We live in the niche. A freshly cut niche that I'm not sure exists in many countries or many cities. To be called middle class in England is fine; its closer to a compliment because you're neither poor nor snobbish. But we are not proud to be called middle class. 'Middle class' brings with it connotations of mediocrity and our parents have worked too hard and too smart to be called average. And yet we are not Upper class - most of my kind do not even know what the title 'Upper class' truly entails. I know people who are Upper class. You'll hear about them from me soon enough. We are not bourgeoise either. My family was not poor one day and rich the next, thanks to some stroke of luck or cataclysmic upheaval.

You see in my country, the Principal saw fit to create a new class. A new rung in the ladder. A new peg by which one can measure oneself against society. Maybe this class always existed and I'm now simply giving a name to it? Giving my name to it? There are two kinds of people in India - those who live in Villas and those who work in them. Those who own cars and those who drive them. There are those who eat off ceramic plates and those who clean them. We are the Urban Royalty, the glorious child of capitalism and the third world.

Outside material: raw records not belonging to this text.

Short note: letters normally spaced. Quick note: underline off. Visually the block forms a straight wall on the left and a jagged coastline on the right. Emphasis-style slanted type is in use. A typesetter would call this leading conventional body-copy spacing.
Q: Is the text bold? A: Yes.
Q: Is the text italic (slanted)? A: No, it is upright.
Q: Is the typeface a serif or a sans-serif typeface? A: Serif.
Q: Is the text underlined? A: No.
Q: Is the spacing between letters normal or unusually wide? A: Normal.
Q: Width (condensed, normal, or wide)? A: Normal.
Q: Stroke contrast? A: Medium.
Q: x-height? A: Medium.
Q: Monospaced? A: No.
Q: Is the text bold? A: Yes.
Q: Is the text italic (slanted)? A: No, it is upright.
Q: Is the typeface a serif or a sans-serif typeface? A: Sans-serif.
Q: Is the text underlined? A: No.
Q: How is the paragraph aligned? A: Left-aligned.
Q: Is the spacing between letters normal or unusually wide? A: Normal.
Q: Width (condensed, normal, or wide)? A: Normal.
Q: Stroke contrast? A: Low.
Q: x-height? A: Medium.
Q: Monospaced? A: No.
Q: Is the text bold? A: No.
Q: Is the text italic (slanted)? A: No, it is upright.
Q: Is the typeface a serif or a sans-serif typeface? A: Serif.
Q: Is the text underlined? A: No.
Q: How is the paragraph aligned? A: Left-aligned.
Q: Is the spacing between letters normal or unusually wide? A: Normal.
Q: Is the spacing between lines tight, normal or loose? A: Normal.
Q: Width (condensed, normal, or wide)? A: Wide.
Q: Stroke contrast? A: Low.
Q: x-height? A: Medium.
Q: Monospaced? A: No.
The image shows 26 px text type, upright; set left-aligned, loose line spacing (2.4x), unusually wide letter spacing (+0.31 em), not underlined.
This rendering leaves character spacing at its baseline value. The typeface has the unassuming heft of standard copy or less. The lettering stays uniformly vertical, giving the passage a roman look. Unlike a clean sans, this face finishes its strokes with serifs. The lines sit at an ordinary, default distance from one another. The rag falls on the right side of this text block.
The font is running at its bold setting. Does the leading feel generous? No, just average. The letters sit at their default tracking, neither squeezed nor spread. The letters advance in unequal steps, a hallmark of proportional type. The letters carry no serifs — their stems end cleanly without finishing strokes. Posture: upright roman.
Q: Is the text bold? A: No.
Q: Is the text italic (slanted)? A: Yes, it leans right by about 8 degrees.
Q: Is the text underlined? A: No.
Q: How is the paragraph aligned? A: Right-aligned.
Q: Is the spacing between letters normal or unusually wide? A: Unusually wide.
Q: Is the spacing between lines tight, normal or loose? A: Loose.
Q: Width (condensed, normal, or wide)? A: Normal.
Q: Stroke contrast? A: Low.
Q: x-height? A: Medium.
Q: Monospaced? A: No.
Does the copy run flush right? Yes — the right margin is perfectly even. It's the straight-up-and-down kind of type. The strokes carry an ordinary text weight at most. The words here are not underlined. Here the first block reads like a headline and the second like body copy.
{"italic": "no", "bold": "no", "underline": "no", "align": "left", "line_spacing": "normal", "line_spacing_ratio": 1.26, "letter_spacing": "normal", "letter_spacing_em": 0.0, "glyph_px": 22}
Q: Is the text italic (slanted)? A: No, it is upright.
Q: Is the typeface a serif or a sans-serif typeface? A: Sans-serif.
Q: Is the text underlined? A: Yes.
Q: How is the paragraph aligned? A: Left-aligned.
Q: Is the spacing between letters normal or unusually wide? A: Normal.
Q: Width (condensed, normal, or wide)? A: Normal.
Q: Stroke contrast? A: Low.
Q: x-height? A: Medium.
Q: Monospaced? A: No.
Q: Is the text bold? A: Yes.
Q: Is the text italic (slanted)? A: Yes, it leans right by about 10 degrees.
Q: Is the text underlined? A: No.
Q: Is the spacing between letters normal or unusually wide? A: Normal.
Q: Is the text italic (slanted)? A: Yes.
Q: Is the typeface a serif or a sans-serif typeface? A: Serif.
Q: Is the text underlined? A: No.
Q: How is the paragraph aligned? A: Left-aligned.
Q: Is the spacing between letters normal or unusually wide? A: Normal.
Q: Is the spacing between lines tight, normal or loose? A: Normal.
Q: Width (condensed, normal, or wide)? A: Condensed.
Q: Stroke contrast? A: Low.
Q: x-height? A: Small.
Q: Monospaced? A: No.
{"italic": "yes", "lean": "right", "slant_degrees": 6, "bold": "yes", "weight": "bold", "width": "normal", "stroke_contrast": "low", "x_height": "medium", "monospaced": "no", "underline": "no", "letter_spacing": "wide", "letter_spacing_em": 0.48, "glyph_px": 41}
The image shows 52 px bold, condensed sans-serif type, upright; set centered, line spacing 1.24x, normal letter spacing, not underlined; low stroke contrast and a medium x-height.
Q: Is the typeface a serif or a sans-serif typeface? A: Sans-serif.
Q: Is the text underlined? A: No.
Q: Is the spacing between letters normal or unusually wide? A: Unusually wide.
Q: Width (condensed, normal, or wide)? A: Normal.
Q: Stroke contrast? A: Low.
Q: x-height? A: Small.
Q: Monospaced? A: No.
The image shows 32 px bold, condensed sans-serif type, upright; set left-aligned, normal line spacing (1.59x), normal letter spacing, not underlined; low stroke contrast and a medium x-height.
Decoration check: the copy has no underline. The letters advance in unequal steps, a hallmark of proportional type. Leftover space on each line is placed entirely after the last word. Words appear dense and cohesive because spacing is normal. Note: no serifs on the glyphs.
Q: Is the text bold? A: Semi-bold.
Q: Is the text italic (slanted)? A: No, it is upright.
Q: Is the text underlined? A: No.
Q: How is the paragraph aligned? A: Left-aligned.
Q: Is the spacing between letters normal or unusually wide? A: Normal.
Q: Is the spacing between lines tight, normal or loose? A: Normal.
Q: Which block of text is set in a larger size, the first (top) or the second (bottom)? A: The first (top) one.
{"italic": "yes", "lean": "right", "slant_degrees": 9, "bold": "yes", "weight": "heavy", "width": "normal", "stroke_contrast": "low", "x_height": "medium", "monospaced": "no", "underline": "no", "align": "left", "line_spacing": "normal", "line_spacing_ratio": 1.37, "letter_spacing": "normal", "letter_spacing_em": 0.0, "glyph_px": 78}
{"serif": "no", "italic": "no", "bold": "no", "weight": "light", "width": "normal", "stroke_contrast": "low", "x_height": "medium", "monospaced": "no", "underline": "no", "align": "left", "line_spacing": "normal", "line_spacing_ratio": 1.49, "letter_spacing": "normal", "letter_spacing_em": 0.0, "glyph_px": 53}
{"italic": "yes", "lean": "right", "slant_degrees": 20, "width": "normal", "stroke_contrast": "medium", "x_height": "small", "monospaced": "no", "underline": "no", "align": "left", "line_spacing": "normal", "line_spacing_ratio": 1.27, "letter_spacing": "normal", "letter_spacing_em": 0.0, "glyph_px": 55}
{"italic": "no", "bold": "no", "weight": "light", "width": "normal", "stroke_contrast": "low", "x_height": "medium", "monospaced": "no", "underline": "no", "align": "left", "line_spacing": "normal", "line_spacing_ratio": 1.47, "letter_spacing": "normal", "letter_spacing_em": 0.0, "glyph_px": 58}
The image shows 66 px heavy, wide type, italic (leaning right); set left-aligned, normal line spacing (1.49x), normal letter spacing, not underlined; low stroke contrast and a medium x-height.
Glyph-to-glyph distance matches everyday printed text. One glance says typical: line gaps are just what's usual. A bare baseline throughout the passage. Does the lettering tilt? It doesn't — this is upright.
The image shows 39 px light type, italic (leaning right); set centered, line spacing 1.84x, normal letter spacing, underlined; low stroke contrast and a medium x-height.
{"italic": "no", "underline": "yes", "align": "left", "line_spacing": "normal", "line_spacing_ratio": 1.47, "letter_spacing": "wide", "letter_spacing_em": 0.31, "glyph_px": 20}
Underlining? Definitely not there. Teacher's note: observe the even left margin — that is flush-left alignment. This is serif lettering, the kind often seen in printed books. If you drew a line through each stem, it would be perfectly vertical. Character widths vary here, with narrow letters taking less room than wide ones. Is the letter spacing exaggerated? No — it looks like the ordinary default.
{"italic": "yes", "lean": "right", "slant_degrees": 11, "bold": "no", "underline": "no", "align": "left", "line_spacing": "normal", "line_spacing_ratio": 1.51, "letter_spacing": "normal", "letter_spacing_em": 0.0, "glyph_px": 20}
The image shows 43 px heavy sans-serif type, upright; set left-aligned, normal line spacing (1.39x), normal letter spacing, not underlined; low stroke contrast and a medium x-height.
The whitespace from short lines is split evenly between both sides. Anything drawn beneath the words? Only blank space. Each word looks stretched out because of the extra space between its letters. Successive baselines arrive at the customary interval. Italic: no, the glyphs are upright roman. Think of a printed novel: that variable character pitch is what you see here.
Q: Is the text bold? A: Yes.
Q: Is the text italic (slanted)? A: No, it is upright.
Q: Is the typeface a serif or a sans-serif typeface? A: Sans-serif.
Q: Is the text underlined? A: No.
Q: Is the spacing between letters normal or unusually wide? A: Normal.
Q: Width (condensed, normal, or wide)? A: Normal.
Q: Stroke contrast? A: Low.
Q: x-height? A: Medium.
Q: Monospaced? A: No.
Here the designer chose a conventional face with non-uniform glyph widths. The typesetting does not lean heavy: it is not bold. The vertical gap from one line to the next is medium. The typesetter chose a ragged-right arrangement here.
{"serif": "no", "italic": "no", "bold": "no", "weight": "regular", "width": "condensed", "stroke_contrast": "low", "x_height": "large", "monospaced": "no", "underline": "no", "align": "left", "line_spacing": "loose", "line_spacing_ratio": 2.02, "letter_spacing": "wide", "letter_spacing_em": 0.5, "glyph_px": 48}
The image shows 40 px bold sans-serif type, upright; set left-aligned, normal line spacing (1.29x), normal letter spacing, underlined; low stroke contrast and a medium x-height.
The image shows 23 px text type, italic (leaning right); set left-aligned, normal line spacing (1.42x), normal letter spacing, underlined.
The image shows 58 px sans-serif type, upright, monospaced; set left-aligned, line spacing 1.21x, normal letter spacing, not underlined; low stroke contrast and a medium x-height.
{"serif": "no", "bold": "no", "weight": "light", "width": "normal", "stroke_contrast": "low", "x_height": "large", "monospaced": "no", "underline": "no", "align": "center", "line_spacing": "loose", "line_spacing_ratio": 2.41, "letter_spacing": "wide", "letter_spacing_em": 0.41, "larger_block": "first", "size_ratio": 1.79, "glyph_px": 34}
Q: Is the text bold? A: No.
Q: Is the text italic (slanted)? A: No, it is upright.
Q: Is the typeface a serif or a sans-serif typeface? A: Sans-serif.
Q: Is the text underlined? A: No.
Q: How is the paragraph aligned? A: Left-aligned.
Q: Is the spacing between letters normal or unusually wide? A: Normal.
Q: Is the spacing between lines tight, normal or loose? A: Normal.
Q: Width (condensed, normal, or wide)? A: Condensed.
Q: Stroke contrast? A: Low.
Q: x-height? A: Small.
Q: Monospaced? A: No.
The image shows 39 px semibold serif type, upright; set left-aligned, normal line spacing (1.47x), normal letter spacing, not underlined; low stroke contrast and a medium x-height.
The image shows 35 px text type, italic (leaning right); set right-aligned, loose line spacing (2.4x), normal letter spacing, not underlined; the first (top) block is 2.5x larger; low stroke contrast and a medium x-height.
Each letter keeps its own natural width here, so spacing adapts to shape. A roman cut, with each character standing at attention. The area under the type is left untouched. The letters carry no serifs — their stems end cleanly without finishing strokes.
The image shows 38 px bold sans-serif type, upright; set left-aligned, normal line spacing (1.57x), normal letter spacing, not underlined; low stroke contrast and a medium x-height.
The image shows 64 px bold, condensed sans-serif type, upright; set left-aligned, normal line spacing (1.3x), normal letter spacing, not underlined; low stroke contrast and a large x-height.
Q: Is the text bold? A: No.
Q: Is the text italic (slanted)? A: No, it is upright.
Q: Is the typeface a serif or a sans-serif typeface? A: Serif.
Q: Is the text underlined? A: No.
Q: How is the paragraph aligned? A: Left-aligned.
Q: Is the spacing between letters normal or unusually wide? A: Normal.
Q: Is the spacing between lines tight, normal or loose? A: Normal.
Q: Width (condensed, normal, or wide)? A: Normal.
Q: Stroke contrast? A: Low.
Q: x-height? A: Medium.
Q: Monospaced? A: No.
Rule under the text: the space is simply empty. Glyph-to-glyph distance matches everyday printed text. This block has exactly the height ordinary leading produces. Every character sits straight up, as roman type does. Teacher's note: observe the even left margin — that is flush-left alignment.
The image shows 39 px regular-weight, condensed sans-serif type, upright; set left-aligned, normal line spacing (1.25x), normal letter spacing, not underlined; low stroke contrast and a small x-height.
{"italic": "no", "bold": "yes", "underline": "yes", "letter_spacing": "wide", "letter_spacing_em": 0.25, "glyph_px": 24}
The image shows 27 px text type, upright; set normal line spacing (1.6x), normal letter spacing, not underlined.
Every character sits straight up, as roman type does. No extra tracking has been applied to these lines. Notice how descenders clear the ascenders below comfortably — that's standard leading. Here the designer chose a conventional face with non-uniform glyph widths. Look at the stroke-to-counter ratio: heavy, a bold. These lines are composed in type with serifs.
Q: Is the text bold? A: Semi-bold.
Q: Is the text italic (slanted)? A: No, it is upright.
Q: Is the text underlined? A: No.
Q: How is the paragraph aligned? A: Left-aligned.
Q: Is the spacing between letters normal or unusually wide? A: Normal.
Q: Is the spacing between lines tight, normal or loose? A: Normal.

How can I explain to you the look in my driver's eyes when I told him how much my university fees were? What should I have felt when I saw the awe in his innocent, tired eyes? I didn't feel arrogant or pretentious or angry at myself. I didn't know what to feel. What do these people think about their day at work, when they go back to their families? When does a driver become a Sir? When does a maid become a Madam? I'm not a communist, I'm a writer.

I love my maid and my driver (whoever they are, this month) because they are part of our white-picket fenced lives. They are a cog in this freshly fashioned aristocracy. We are the good kids, of good parents and good families. Somewhere in the past, our parents caught the right train or missed the right bus and here we are.

As we played football in the cull-de-sacs around Palm Meadows or drove through the quiet arteries that crisscross 100 Feet Road, we didn't realise what we are. But it struck me tonight. Our parents were middle-class but we are not. There is no animosity between the various burgeoning levels of the Indian pyramid. Consciously or not, everyone knows their roles and everyone knows stories of someone who's morphed and how they did it.

As a proud member of the Whitefield crowd, I know what makes my kind different from others. It's not so much that we know the value of money (unlike the true Upper Class, for whom it is simply not an issue - because it never will be), it's more down to us knowing what it takes to attain wealth for oneself. We know because our parents taught us. We know because we were sent to tuitions 3 days a week. We know because we stressed for exams and our parents stressed with us. We know because sometimes, we weren't allowed to play football in the evenings. Sometimes we weren't allowed out for a night out. I think that's what makes the Palm Meadows people different. Though they live well, they didn't come from wealth but they are certainly headed towards it.



When I talk about Palm Meadows, I'm not talking about the million dollar houses or the 2 lakh club membership fee. I'm not talking about those horridly deformed palm trees. I'm not talking about the fragrance of the newly trimmed grass as it bakes away under a clear sky. I'm talking about all of us good kids. The kids who went to tuitions. The kids who talked to their drivers. The kids who listened to their parents who, for the most part, were ambitious college grads much like ourselves, 25 years ago. You don't have to live in Palm Meadows to be Palm Meadows. It is a concept. A little slice of California that provides a utopian bubble for those college grads 25 years ago, who rode the horse named Capitalism.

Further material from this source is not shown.